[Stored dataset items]
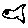
Label: fish
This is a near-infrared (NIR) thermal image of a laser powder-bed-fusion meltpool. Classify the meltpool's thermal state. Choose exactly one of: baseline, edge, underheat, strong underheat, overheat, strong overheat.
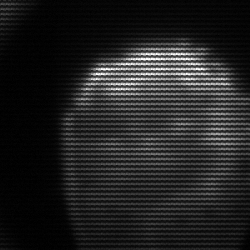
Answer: edge
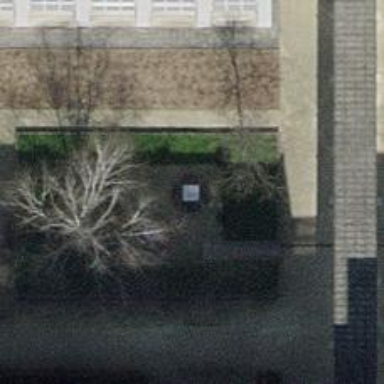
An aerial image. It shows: Picnic table located in leisure land area.
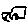
Label: car
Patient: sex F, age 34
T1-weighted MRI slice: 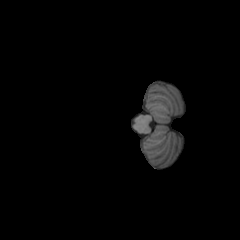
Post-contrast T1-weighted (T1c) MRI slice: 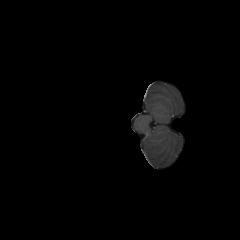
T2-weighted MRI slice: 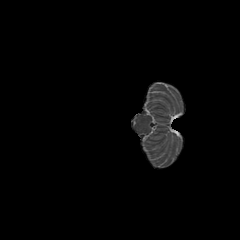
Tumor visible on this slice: no
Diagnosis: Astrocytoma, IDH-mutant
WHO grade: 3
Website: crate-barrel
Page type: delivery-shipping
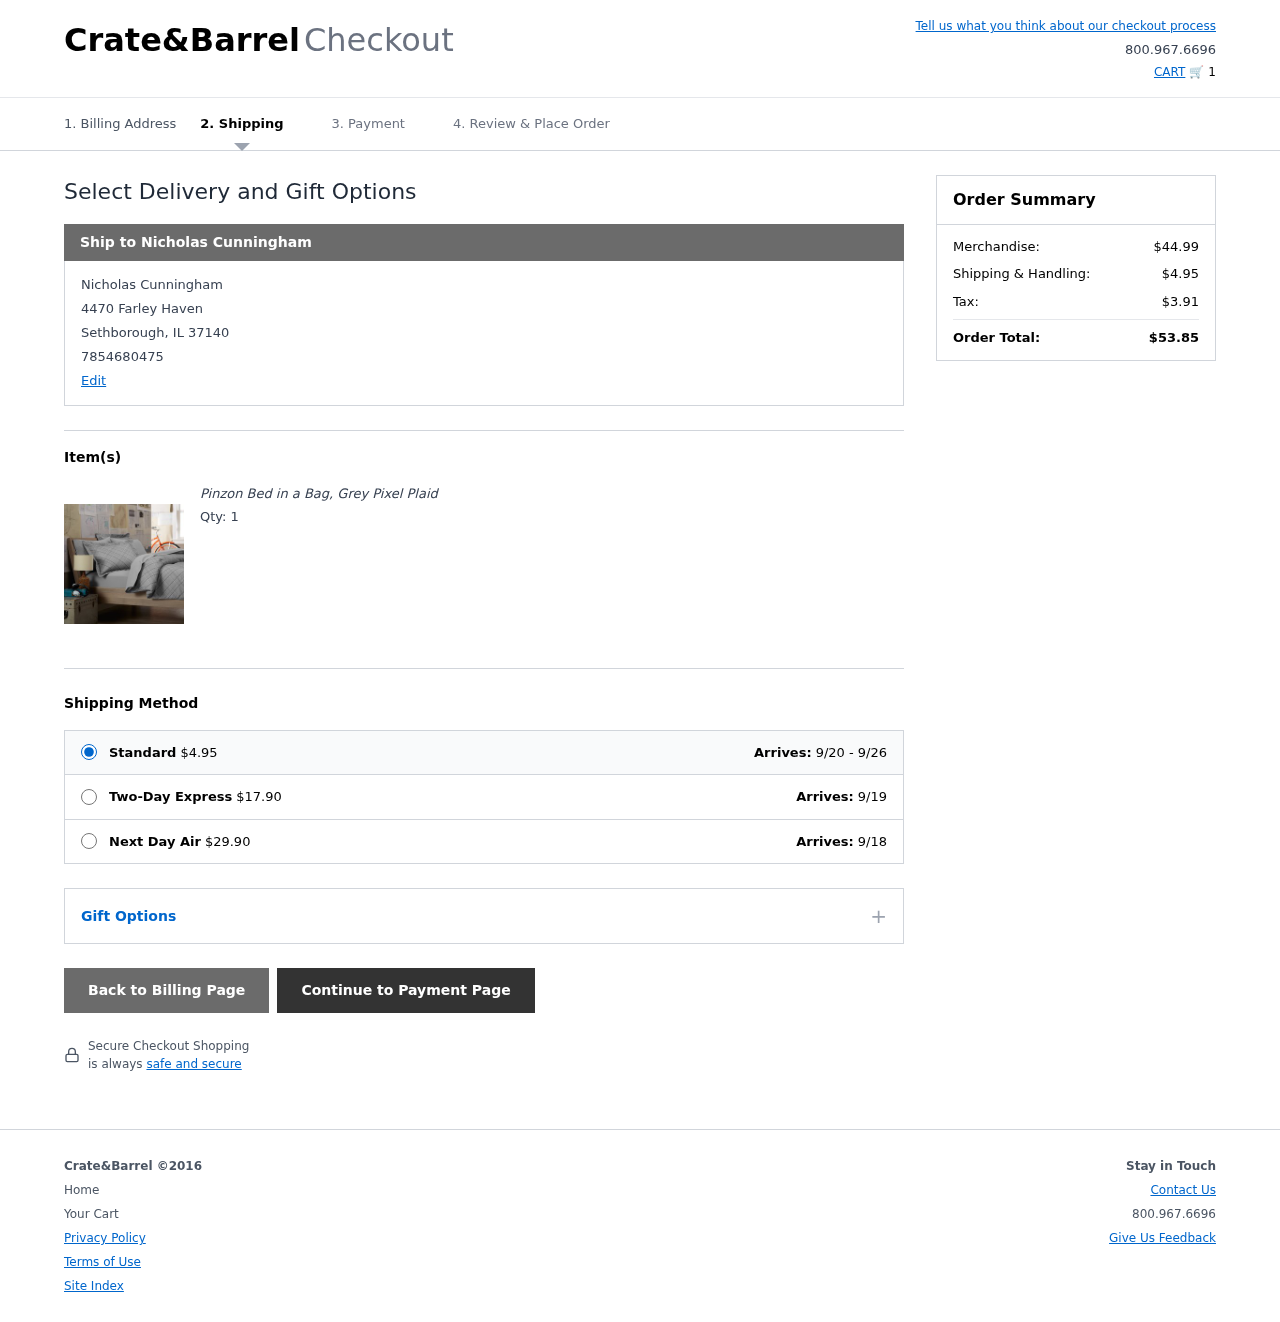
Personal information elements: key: PII_CITY
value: Sethborough
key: PII_FULLNAME
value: Nicholas Cunningham
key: PII_PHONE
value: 7854680475
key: PII_POSTCODE
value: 37140
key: PII_STATE_ABBR
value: IL
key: PII_STREET
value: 4470 Farley Haven
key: PII_FULLNAME2
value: Nicholas Cunningham
Product elements: key: PRODUCT1_NAME
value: Pinzon Bed in a Bag, Grey Pixel Plaid
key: PRODUCT1_QUANTITY
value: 1
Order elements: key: ORDER_NUM_ITEMS
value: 1
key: ORDER_SHIPPING_COST
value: $4.95
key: ORDER_DELIVERY_DATE_RANGE
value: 9/20 - 9/26
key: ORDER_SHIPPING_COST_EXPRESS
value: $17.90
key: ORDER_SHIPPING_DATE_EXPRESS
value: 9/19
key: ORDER_SHIPPING_COST_NEXT_DAY
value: $29.90
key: ORDER_SHIPPING_DATE_NEXT_DAY
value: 9/18
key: ORDER_SUBTOTAL
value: $44.99
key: ORDER_SHIPPING_COST2
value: $4.95
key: ORDER_TAX
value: $3.91
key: ORDER_TOTAL
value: $53.85
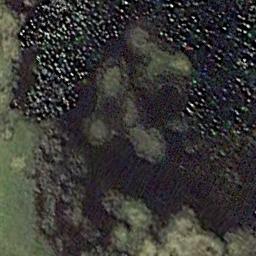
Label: wetland
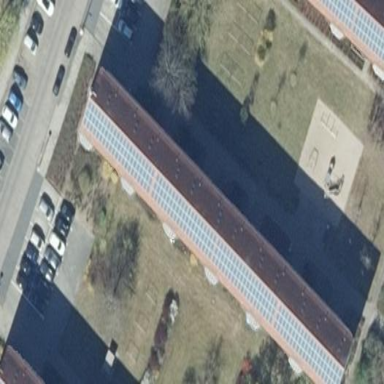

» Directions for this task
Please write out the lines above, beginning at the line with "Order elements: key: ORDER_NUM_ITEMS" and ending at the last line of the records, exactly as they appear and without pictures.

» Your response
Order elements: key: ORDER_NUM_ITEMS
value: 1
key: ORDER_SHIPPING_COST
value: $4.95
key: ORDER_DELIVERY_DATE_RANGE
value: 9/20 - 9/26
key: ORDER_SHIPPING_COST_EXPRESS
value: $17.90
key: ORDER_SHIPPING_DATE_EXPRESS
value: 9/19
key: ORDER_SHIPPING_COST_NEXT_DAY
value: $29.90
key: ORDER_SHIPPING_DATE_NEXT_DAY
value: 9/18
key: ORDER_SUBTOTAL
value: $44.99
key: ORDER_SHIPPING_COST2
value: $4.95
key: ORDER_TAX
value: $3.91
key: ORDER_TOTAL
value: $53.85
Label: wetland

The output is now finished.